**Work request**
Transcribe, exactly as they appear, only the lines from the one holding "316.03v-67.176c0-27.777 22.605-50.383 50.383-50.383s50.383" through the end of the entries below.

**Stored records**
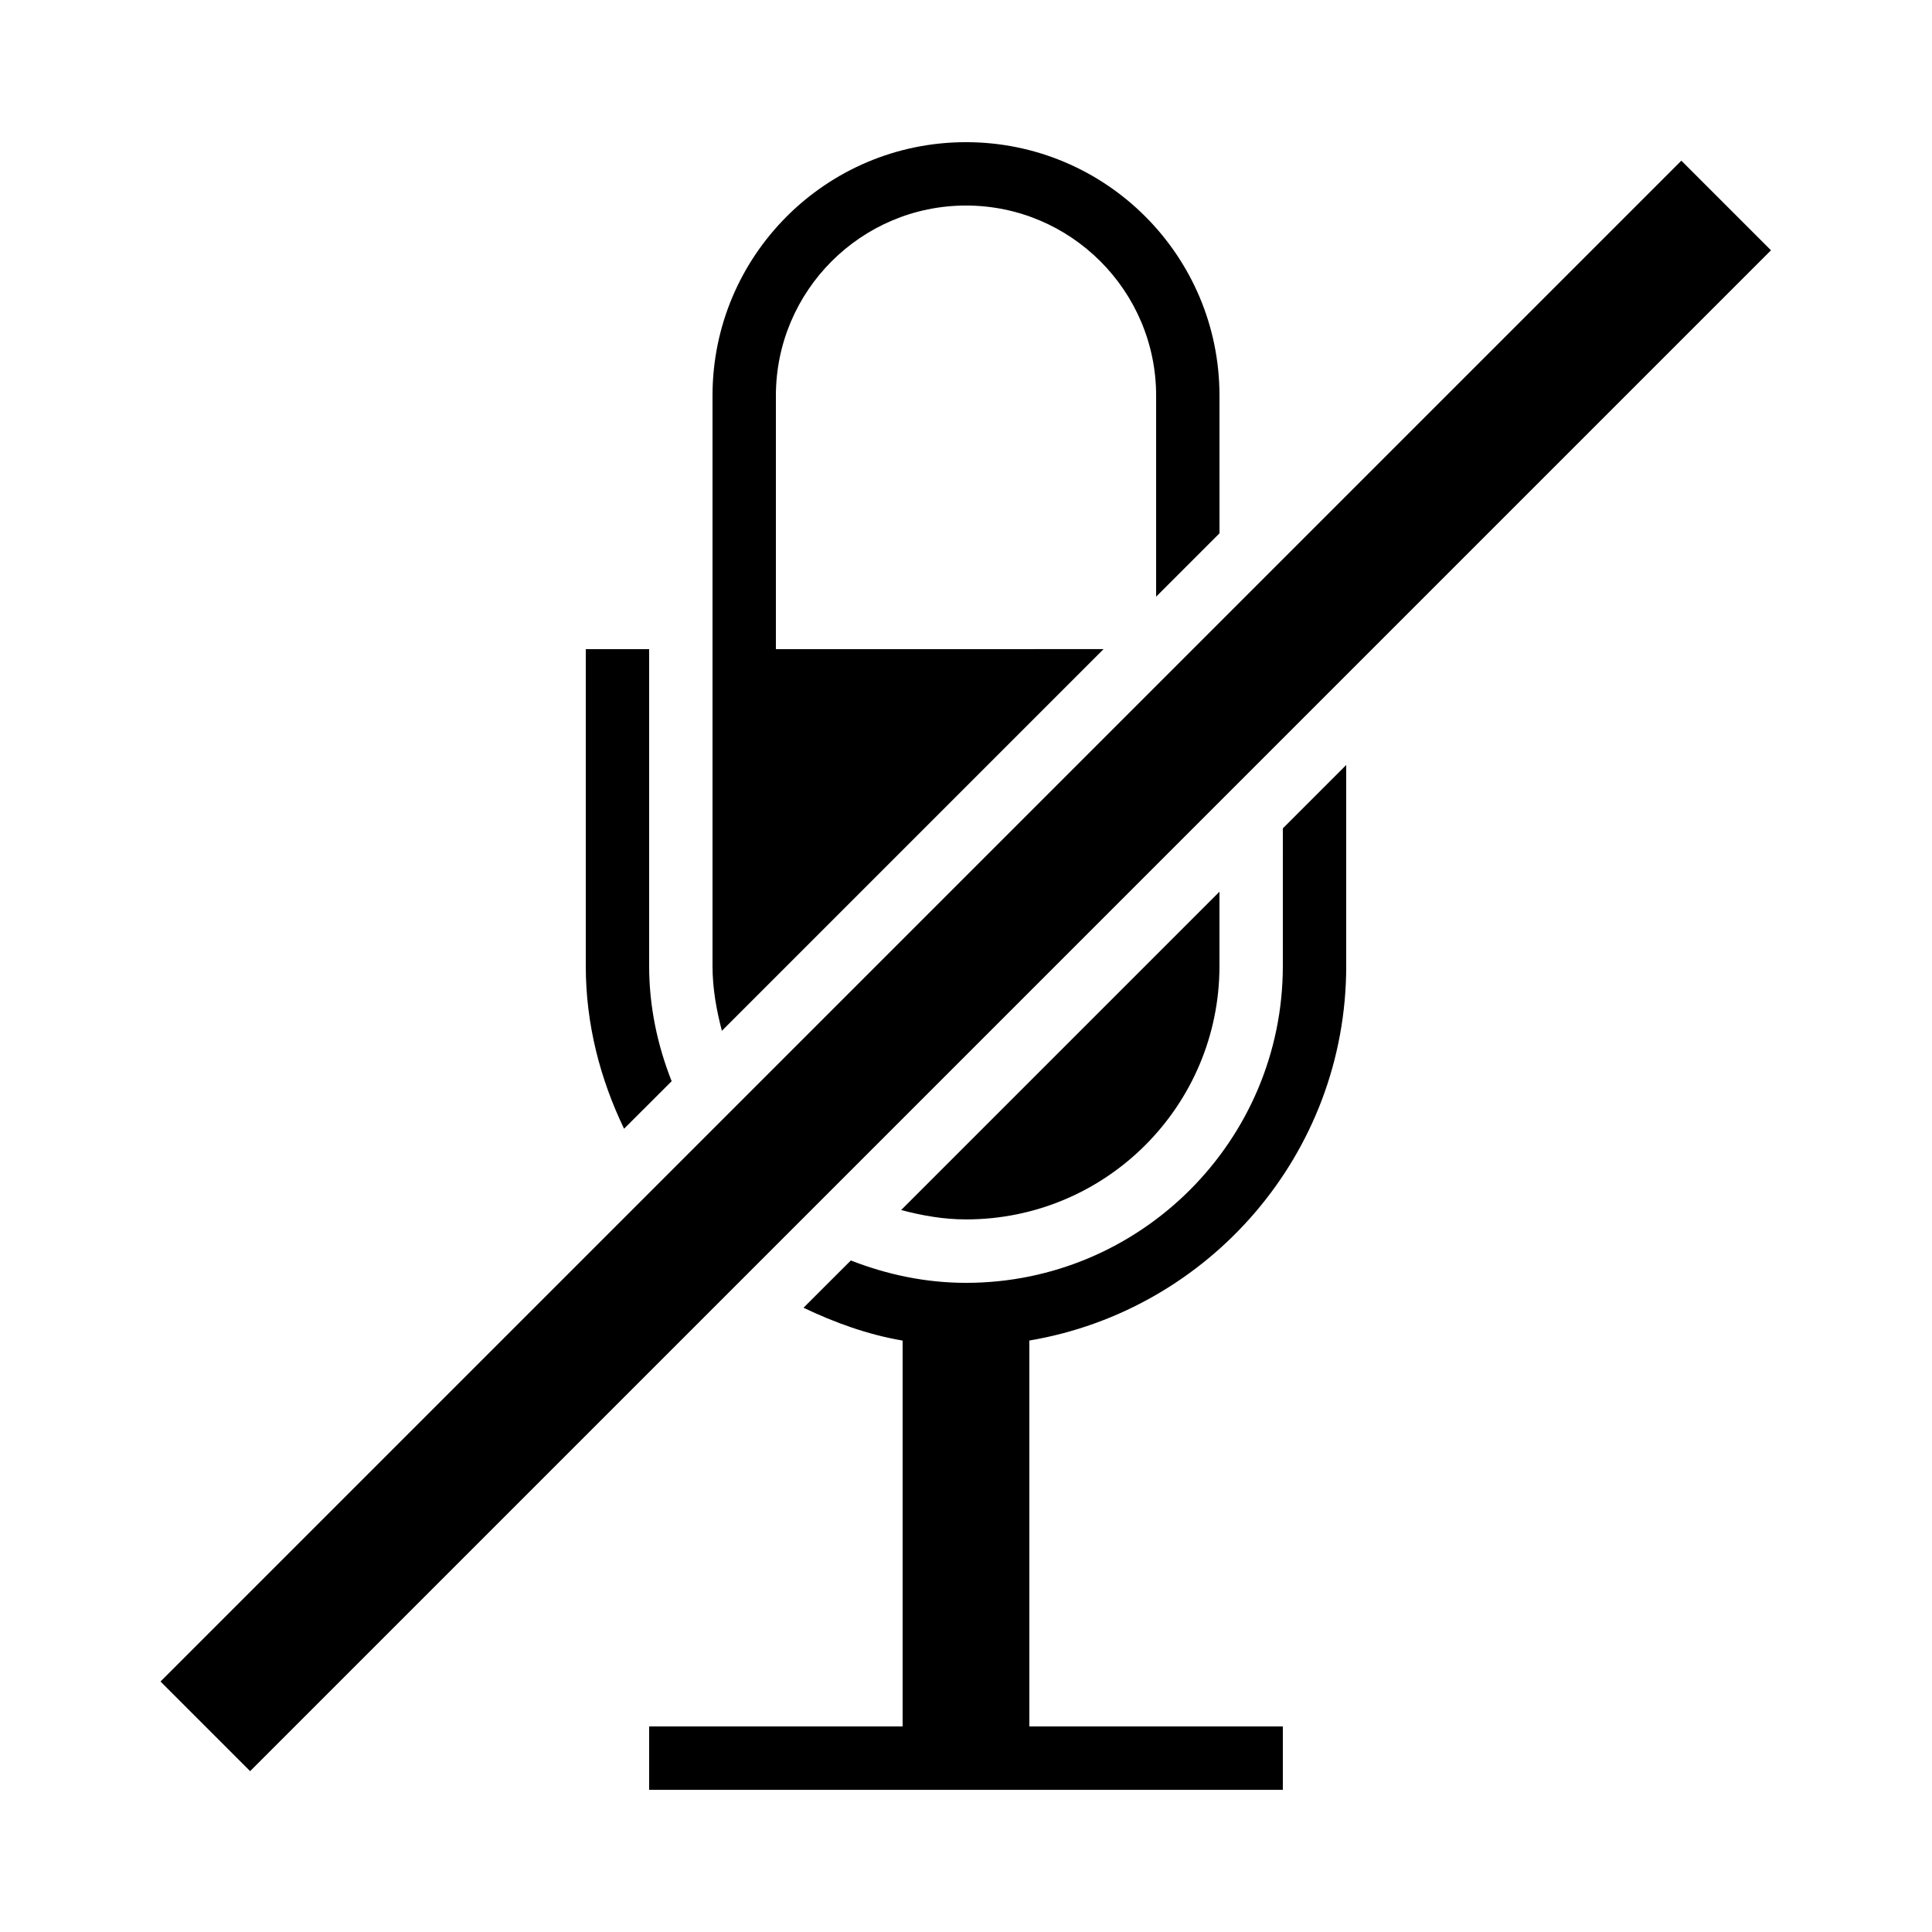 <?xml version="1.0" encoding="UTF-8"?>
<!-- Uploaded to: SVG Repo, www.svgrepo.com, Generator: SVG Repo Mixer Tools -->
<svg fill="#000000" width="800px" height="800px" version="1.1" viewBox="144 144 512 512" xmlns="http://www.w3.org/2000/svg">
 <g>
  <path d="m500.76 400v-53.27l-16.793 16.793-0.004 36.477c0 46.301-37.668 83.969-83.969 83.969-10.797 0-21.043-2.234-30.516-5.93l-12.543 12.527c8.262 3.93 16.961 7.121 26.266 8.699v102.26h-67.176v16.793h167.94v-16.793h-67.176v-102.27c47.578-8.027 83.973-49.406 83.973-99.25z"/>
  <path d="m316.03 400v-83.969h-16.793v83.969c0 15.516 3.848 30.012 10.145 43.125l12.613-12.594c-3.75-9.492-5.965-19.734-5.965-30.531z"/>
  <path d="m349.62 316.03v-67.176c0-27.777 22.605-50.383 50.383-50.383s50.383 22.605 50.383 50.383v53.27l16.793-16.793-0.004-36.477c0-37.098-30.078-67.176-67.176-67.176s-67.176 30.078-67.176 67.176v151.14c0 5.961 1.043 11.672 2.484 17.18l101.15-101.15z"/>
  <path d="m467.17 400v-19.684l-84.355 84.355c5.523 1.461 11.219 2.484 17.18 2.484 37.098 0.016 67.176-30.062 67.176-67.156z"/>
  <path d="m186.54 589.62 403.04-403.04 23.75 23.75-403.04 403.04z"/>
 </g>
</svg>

**Solution to the exercise**
  <path d="m349.62 316.03v-67.176c0-27.777 22.605-50.383 50.383-50.383s50.383 22.605 50.383 50.383v53.27l16.793-16.793-0.004-36.477c0-37.098-30.078-67.176-67.176-67.176s-67.176 30.078-67.176 67.176v151.14c0 5.961 1.043 11.672 2.484 17.18l101.15-101.15z"/>
  <path d="m467.17 400v-19.684l-84.355 84.355c5.523 1.461 11.219 2.484 17.18 2.484 37.098 0.016 67.176-30.062 67.176-67.156z"/>
  <path d="m186.54 589.62 403.04-403.04 23.75 23.75-403.04 403.04z"/>
 </g>
</svg>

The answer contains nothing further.